(Source data)
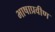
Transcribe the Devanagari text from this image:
भाषाप्रवीण
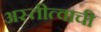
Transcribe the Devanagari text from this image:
अस्तीत्वाची
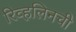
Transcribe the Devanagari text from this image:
रिव्हलिनची
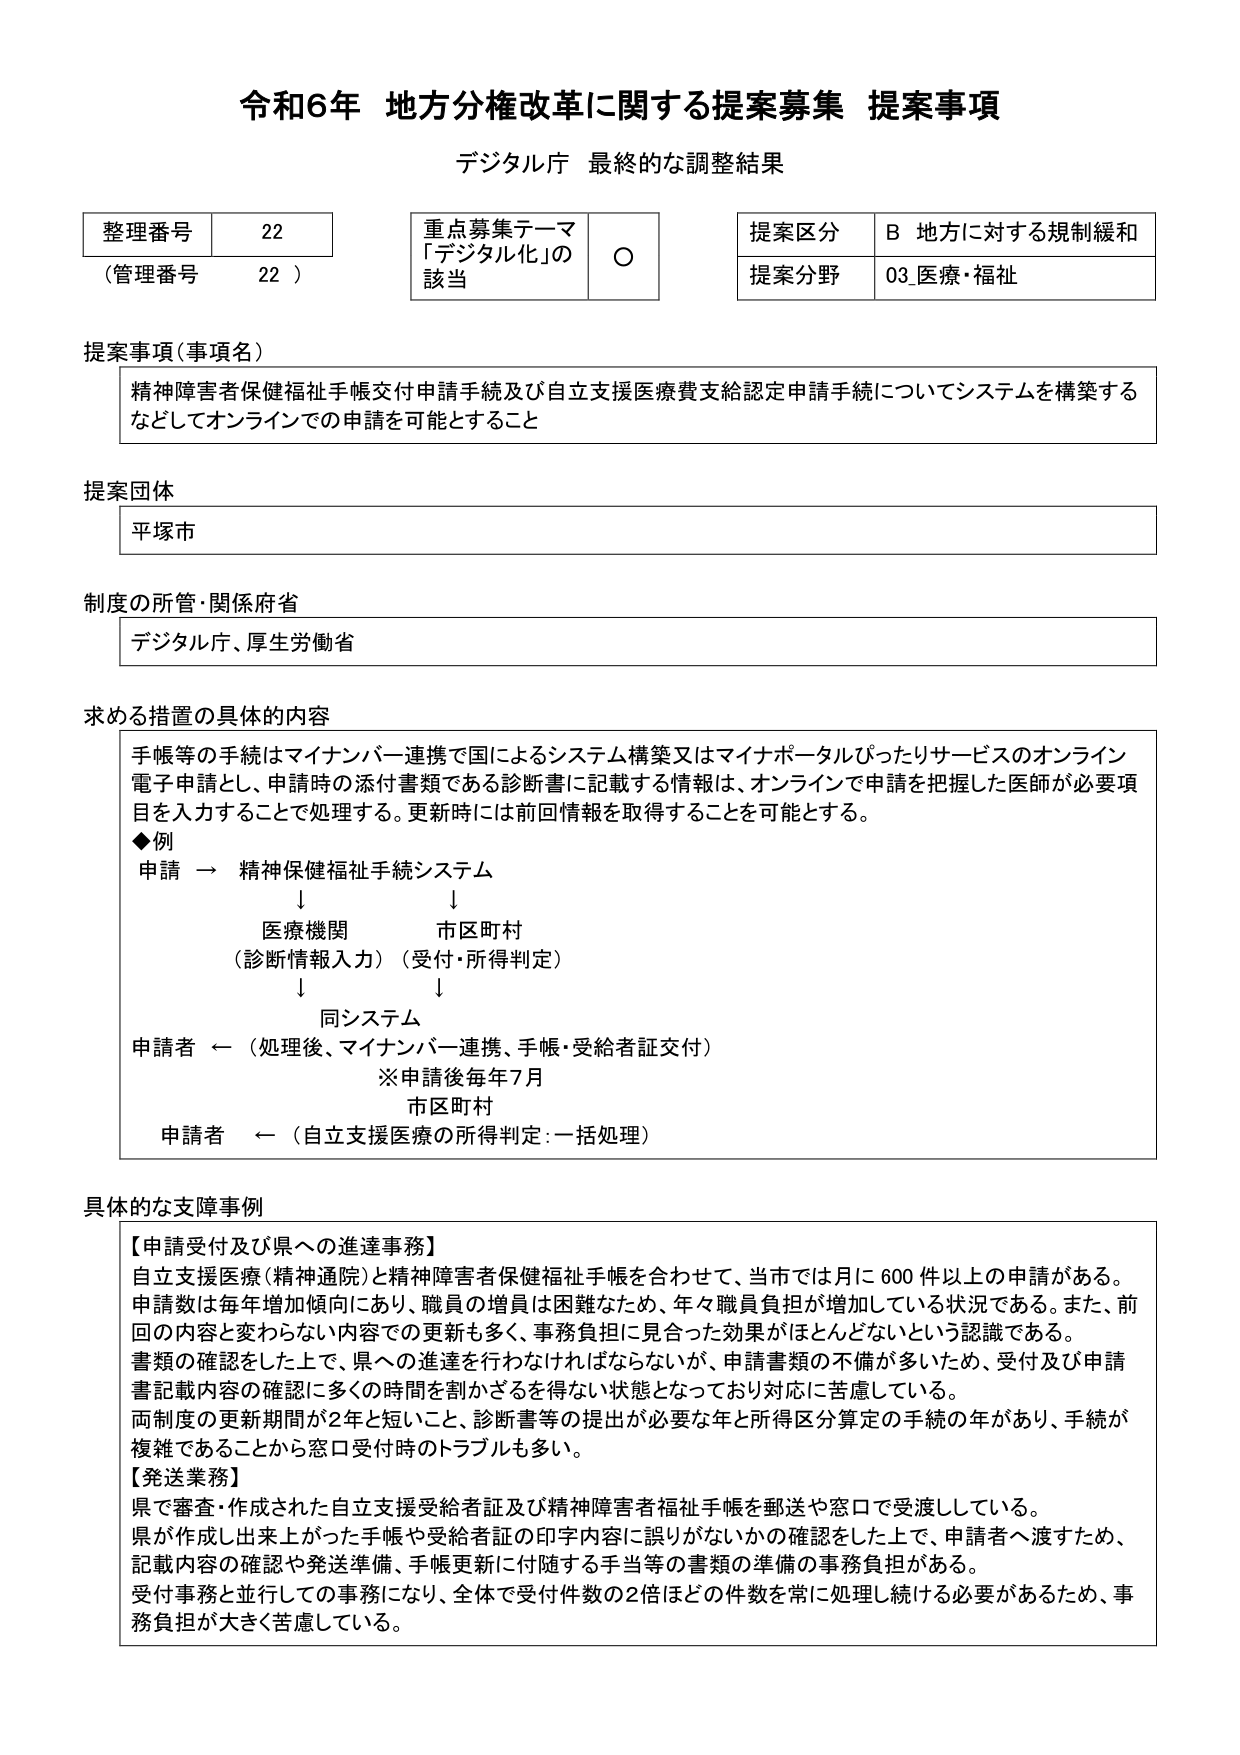
令和6年 地方分権改革に関する提案募集 提案事項
デジタル庁 最終的な調整結果

整理番号 22
（管理番号 22）

重点募集テーマ
「デジタル化」の該当 ○

提案区分 B 地方に対する規制緩和
提案分野 03 医療・福祉

提案事項（事項名）
精神障害者保健福祉手帳交付申請手続及び自立支援医療費支給認定申請手続についてシステムを構築するなどしてオンラインでの申請を可能とすること

提案団体
平塚市

制度の所管・関係府省
デジタル庁、厚生労働省

求める措置の具体的内容
手帳等の手続はマイナンバー連携で国によるシステム構築又はマイナポータルぴったりサービスのオンライン電子申請とし、申請時の添付書類である診断書に記載する情報は、オンラインで申請を把握した医師が必要項目を入力することで処理する。更新時には前回情報を取得することを可能とする。
◆例
申請 → 精神保健福祉手続システム
↓ ↓
医療機関 市区町村
（診断情報入力）（受付・所得判定）
↓ ↓
同システム
申請者 ←（処理後、マイナンバー連携、手帳・受給者証交付）
※申請後毎年7月
市区町村
申請者 ←（自立支援医療の所得判定：一括処理）

具体的な支障事例
【申請受付及び県への進達事務】
自立支援医療（精神通院）と精神障害者保健福祉手帳を合わせて、当市では月に600件以上の申請がある。申請数は毎年増加傾向にあり、職員の増員は困難なため、年々職員負担が増加している状況である。また、前回の内容と変わらない内容での更新も多く、事務負担に見合った効果がほとんどないという認識である。書類の確認をした上で、県への進達を行わなければならないが、申請書類の不備が多いため、受付及び申請書記載内容の確認に多くの時間を割かざるを得ない状態となっており対応に苦慮している。両制度の更新期間が2年と短いこと、診断書等の提出が必要な年と所得区分算定の手続の年があり、手続が複雑であることから窓口受付時のトラブルも多い。
【発送業務】
県で審査・作成された自立支援受給者証及び精神障害者福祉手帳を郵送や窓口で受渡ししている。県が作成し出来上がった手帳や受給者証の印字内容に誤りがないかの確認をした上で、申請者へ渡すため、記載内容の確認や発送準備、手帳更新に付随する手当等の書類の準備の事務負担がある。受付事務と並行しての事務になり、全体で受付件数の2倍ほどの件数を常に処理し続ける必要があるため、事務負担が大きく苦慮している。
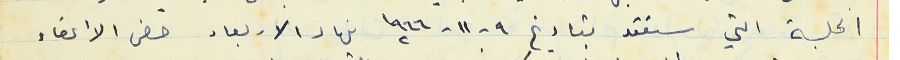
الجلسة التي ستعقد بتاريخ ١٩ - ١١- ١٩٦٦ نهار الاربعاء حضر الأعضاء
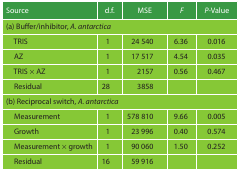
| Source | d.f. | MSE | F | P-Value |
 | --- | --- | --- | --- | --- |
 | <COLSPAN=5> (a) Buffer/inhibitor, A. antarctica |
 | TRIS | 1 | 24 540 | 6.36 | 0.016 |
 | AZ | 1 | 17 517 | 4.54 | 0.035 |
 | TRIS × AZ | 1 | 2157 | 0.56 | 0.467 |
 | Residual | 28 | 3858 |  |  |
 | <COLSPAN=5> (b) Reciprocal switch, A. antarctica |
 | Measurement | 1 | 578 810 | 9.66 | 0.005 |
 | Growth | 1 | 23 996 | 0.40 | 0.574 |
 | Measurement × growth | 1 | 90 060 | 1.50 | 0.252 |
 | Residual | 16 | 59 916 |  |  |
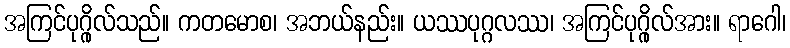
အကြင်ပုဂ္ဂိုလ်သည်။ ကတမောစ၊ အဘယ်နည်း။ ယဿပုဂ္ဂလဿ၊ အကြင်ပုဂ္ဂိုလ်အား။ ရာဂေါ၊
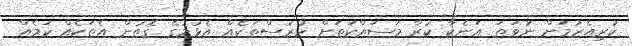
ކުރިއެރުމަށް ނުވަތަ އަނެކާ ކުރާ މަސައްކަތަށް ހުރަސްތަކެއް އެޅުމުގެ ގޮތުން އެތަކެއް ކަމެއް
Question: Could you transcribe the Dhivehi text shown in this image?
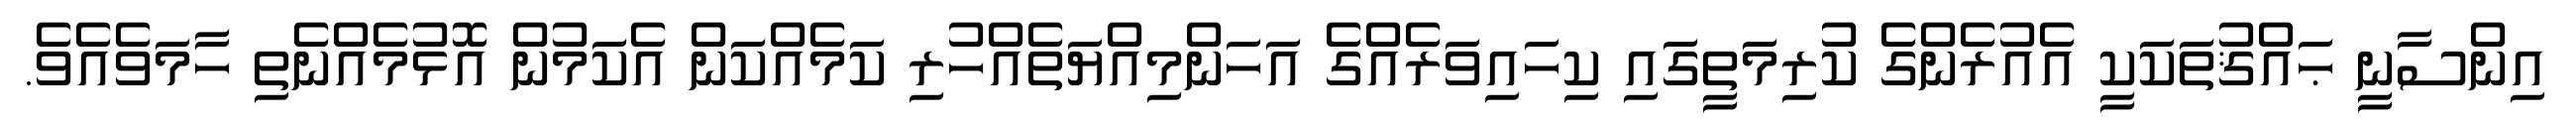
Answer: އިންސާނީ ޙައްޤުތަކަކީ އެއުރެންގެ ކުރިމަތީގައި ކިހައިވަރެއްގެ އަހަންމިއްޔަތެއްހުރި ކަމެއްކަން އެކަމުން އޮޅުމެއްނެތި ހާމަވެއެވެ.
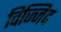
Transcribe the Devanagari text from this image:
विज्जिद
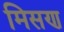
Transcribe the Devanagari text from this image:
मिसण
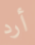
أرد
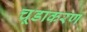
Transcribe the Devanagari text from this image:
चूडाकरण
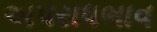
અપરાધભાવ
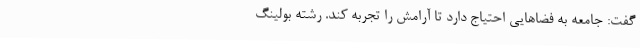
گفت: جامعه به فضاهایی احتیاج دارد تا آرامش را تجربه کند. رشته بولینگ
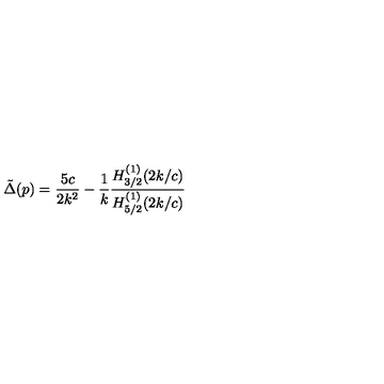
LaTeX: \tilde { \Delta } ( p ) = \frac { 5 c } { 2 k ^ { 2 } } - \frac { 1 } { k } \frac { H _ { 3 / 2 } ^ { ( 1 ) } ( 2 k / c ) } { H _ { 5 / 2 } ^ { ( 1 ) } ( 2 k / c ) }
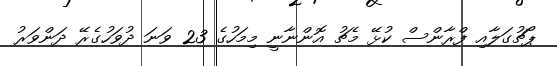
ޕޯޗުގަލާއި ފްރާންސް ކުޅޭ މެޗު އޮންނާނީ މިމަހުގެ 23 ވަނަ ދުވަހުގެރޭ ދަންވަރު
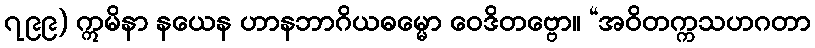
၇၉၉) ဣမိနာ နယေန ဟာနဘာဂိယဓမ္မော ဝေဒိတဗ္ဗော။ “အဝိတက္ကသဟဂတာ
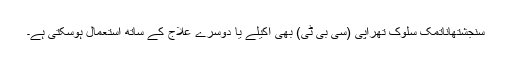
سنجشتھاناتمک سلوک تھراپی (سی بی ٹی) بھی اکیلے یا دوسرے علاج کے ساتھ استعمال ہوسکتی ہے۔
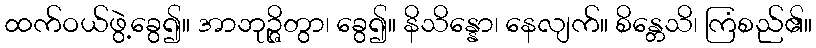
ထက်ဝယ်ဖွဲ့ခွေ၍။ အာဘုဉ္ဇိတွာ၊ ခွေ၍။ နိသိန္နော၊ နေလျက်။ စိန္တေသိ၊ ကြံစည်၏။
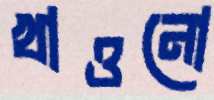
খাওনো
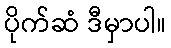
ပိုက်ဆံ ဒီမှာပါ။
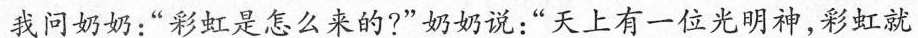
我问奶奶：”彩虹是怎么来的?”奶奶说：”天上有一位光明神，彩虹就
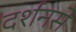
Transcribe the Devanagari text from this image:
दर्शनसे
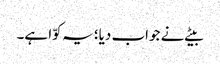
بیٹے نے جواب دیا؛ یہ کوّا ہے۔
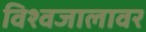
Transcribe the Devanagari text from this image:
विश्वजालावर
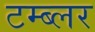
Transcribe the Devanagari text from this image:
टम्ब्लर
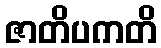
ဇာတိပကတိ
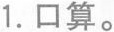
1.口算。
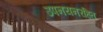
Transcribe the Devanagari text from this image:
उपनयनरहित
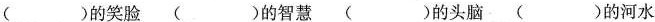
( )的笑脸 ( )的智慧( ) 的头脑 ( )的河水
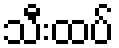
သီးထပ်
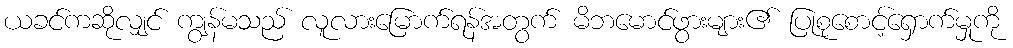
ယခင်ကဆိုလျှင် ကျွန်မသည် လူလားမြောက်ရန်အတွက် မိဘမောင်ဖွားများ၏ ပြုစုစောင့်ရှောက်မှုကို
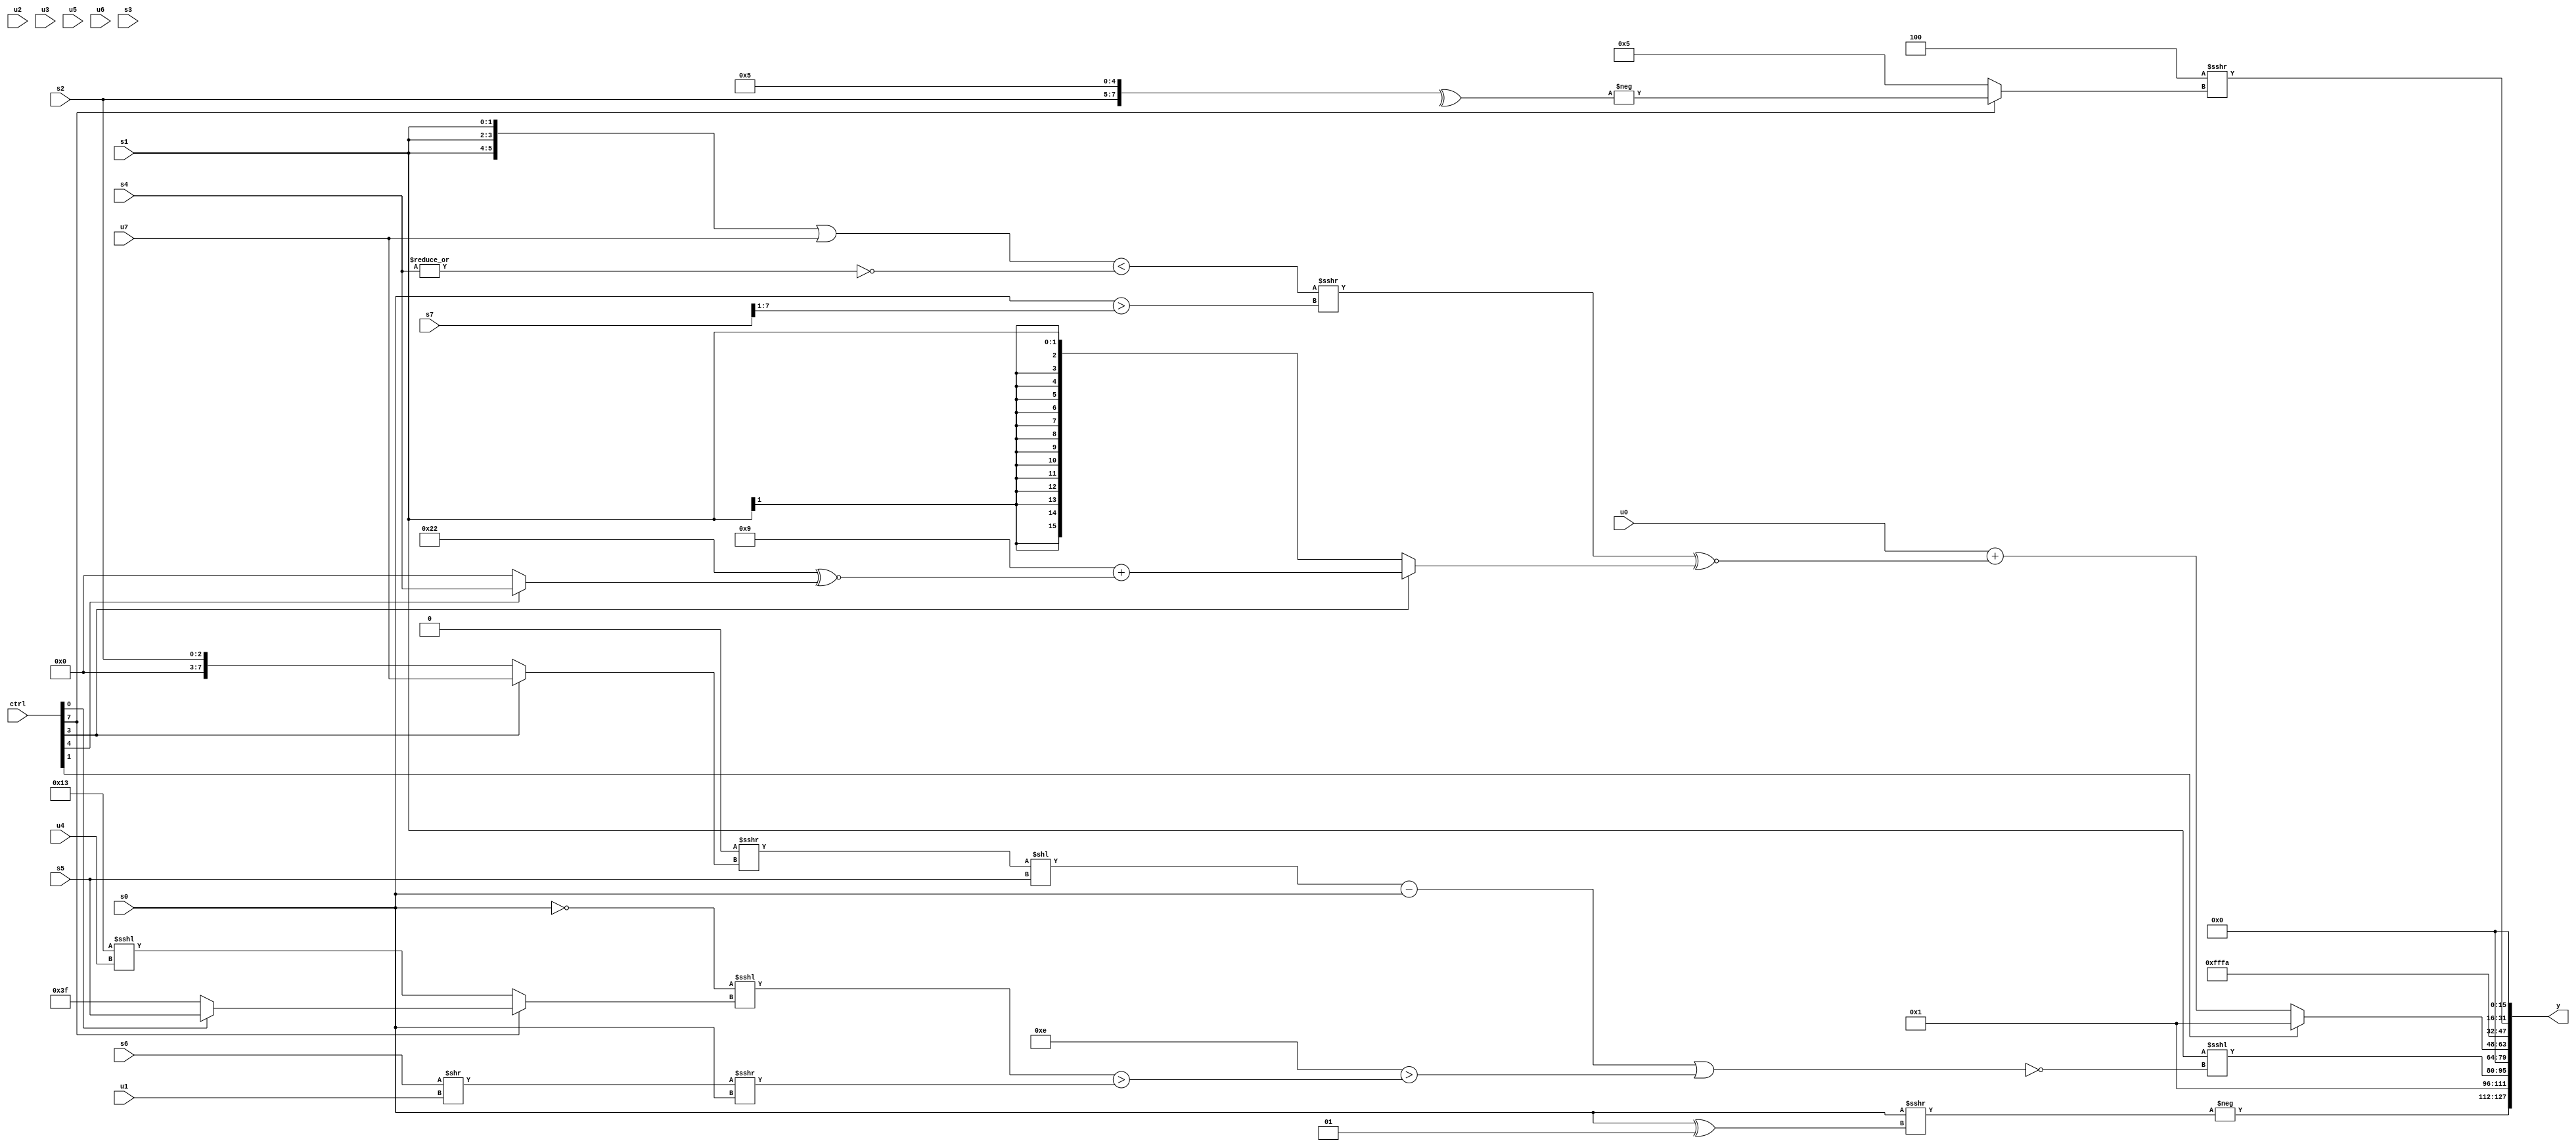
module wideexpr_00798(ctrl, u0, u1, u2, u3, u4, u5, u6, u7, s0, s1, s2, s3, s4, s5, s6, s7, y);
  input [7:0] ctrl;
  input [0:0] u0;
  input [1:0] u1;
  input [2:0] u2;
  input [3:0] u3;
  input [4:0] u4;
  input [5:0] u5;
  input [6:0] u6;
  input [7:0] u7;
  input signed [0:0] s0;
  input signed [1:0] s1;
  input signed [2:0] s2;
  input signed [3:0] s3;
  input signed [4:0] s4;
  input signed [5:0] s5;
  input signed [6:0] s6;
  input signed [7:0] s7;
  output [127:0] y;
  wire [15:0] y0;
  wire [15:0] y1;
  wire [15:0] y2;
  wire [15:0] y3;
  wire [15:0] y4;
  wire [15:0] y5;
  wire [15:0] y6;
  wire [15:0] y7;
  assign y = {y0,y1,y2,y3,y4,y5,y6,y7};
  assign y0 = -(+((s0)>>>((s0)^(2'sb01))));
  assign y1 = -($signed((1'sb0)-(2'sb01)));
  assign y2 = (s1)<<<(!(($unsigned((((1'sb0)>>>((ctrl[3]?u7:s2)))<<($signed(s5)))-(s0)))|((4'b1110)>((($signed(~(s0)))<<<((ctrl[7]?(ctrl[0]?s5:2'sb11):(5'sb10011)<<<(u4))))>(((+(s6))>>(u1))>>>(s0))))));
  assign y3 = ~|(2'sb01);
  assign y4 = (ctrl[1]?2'sb01:($signed(u0))+(($signed(((({3{$signed(s1)}})|((ctrl[0]?u7:u7)))<({1{~|($unsigned(s4))}}))>>>((s0)>((s7)>>>(1'sb1)))))^~((ctrl[3]?(4'sb1001)+((6'sb100010)^~((ctrl[4]?s4:1'sb0))):s1))));
  assign y5 = (2'sb11)&(4'sb1010);
  assign y6 = (($signed({2{(2'b00)<<<(5'sb01010)}}))^($signed(5'sb11100)))>>>((ctrl[7]?-(^({s2,3'sb001,2'sb01})):4'sb0101));
  assign y7 = $signed(1'sb0);
endmodule

## Your task:
What is needed is an exact copy of the lines from the one containing "assign y5 = (2'sb11)&(4'sb1010);" through the final line of the data, both included, and nothing more.

## Solution for this task:
  assign y5 = (2'sb11)&(4'sb1010);
  assign y6 = (($signed({2{(2'b00)<<<(5'sb01010)}}))^($signed(5'sb11100)))>>>((ctrl[7]?-(^({s2,3'sb001,2'sb01})):4'sb0101));
  assign y7 = $signed(1'sb0);
endmodule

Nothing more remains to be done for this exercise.